The S3 compatible storage volume is only accessed when the Data Plane node is created. The configuration will never be pulled from the storage after creation. The Data Plane will fail if it depends on any other functionality from the Control Plane.

Important: Storage volume write access is only granted to the backup node. It is your responsibility to apply any encryption modules your storage provider recommends to encrypt the configuration in the storage volume.

Configure Data Plane resilience

Data Plane resilience is managed by kong.conf with the following parameters:

cluster_fallback_config_import = on
cluster_fallback_config_storage = $STORAGE_ENDPOINT
cluster_fallback_config_export = off

Avoid configuring both the Data Plane and Control Plane to export a configuration. Assuming that they are both configured with the correct level of authentication, the Data Plane will write to the storage volume first, and then the Control Plane will overwrite the configuration.

The following table provides details about these parameters:

Parameter Description
cluster_fallback_config_export Default: off

This parameter allows you to upload the configuration to the storage volume. This should only be enabled on the backup node.

cluster_fallback_config_import Default: off

Fetches the fallback configuration from the URL passed in cluster_fallback_config_storage if the CP is unreachable. This should only be enabled on the Data Plane.

cluster_fallback_config_storage

Storage definition used by cluster_fallback_config_import and cluster_fallback_config_export.

Supported storage types:

  • S3-like storages
  • GCP storage service

To use S3 with a bucket named b and place all configs to with a key prefix named p, set it to: s3://b/p To use GCP for the same bucket and prefix, set it to: gcs://b/p

The credentials (and the endpoint URL for S3-like) for S3 are passed with environment variables: AWS_ACCESS_KEY_ID, AWS_SECRET_ACCESS_KEY, and AWS_CONFIG_STORAGE_ENDPOINT (extension), where AWS_CONFIG_STORAGE_ENDPOINT is the endpoint that hosts S3-like storage.

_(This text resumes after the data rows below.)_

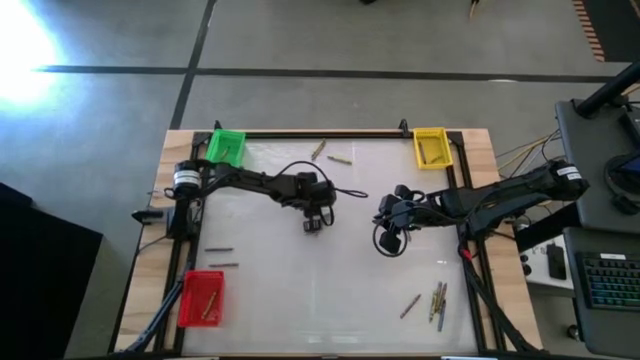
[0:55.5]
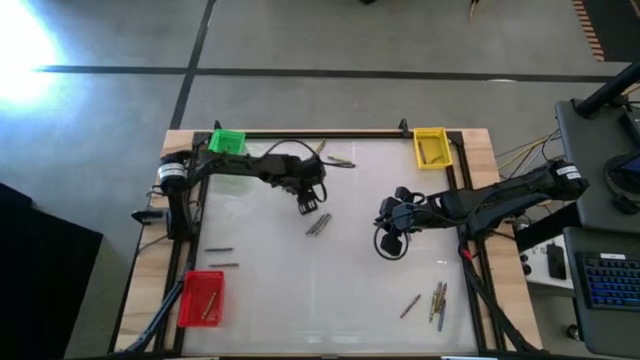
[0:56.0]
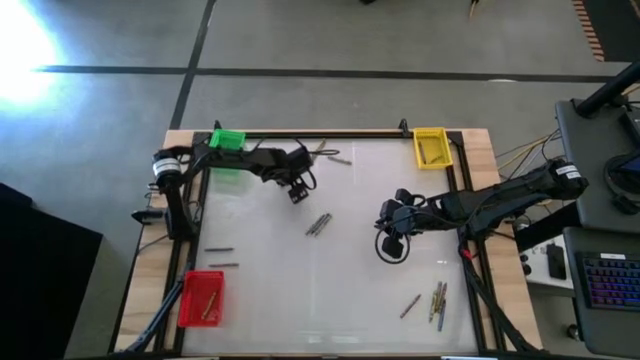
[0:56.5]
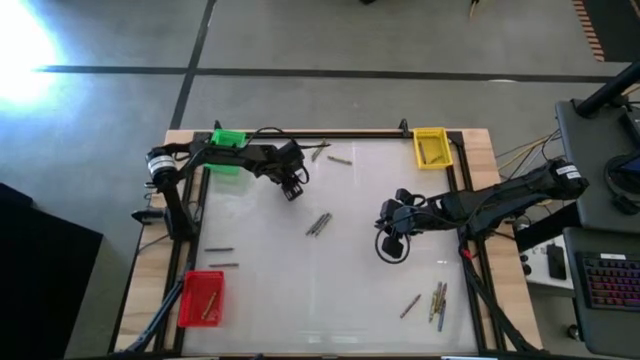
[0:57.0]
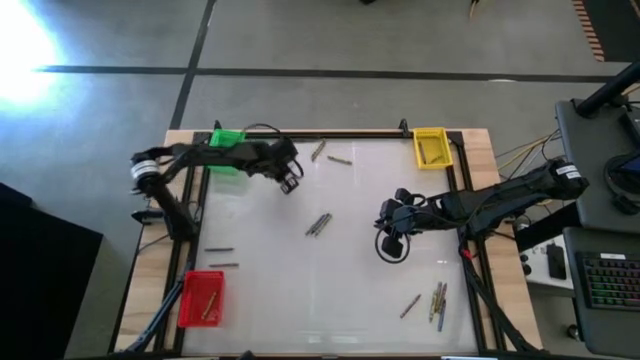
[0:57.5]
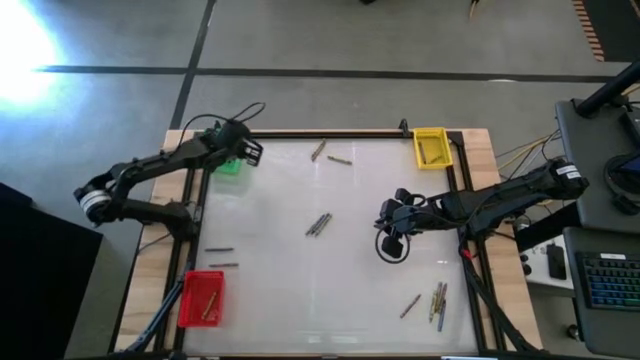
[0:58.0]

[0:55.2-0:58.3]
Put the blue crayon into the green basket

The credentials for GCP are provided via the environment variable GCP_SERVICE_ACCOUNT.

In addition, you’ll also need to configure settings based on the S3-compatible storage type you’re using.

Amazon S3 storage

In this setup, you need to designate one backup node. The backup node must have read and write access to the S3 bucket, and the Data Plane nodes that are provisioned must have read access to the same S3 bucket. The backup node is responsible for communicating the state of the Kong Gateway kong.conf configuration file from the Control Plane to the S3 bucket.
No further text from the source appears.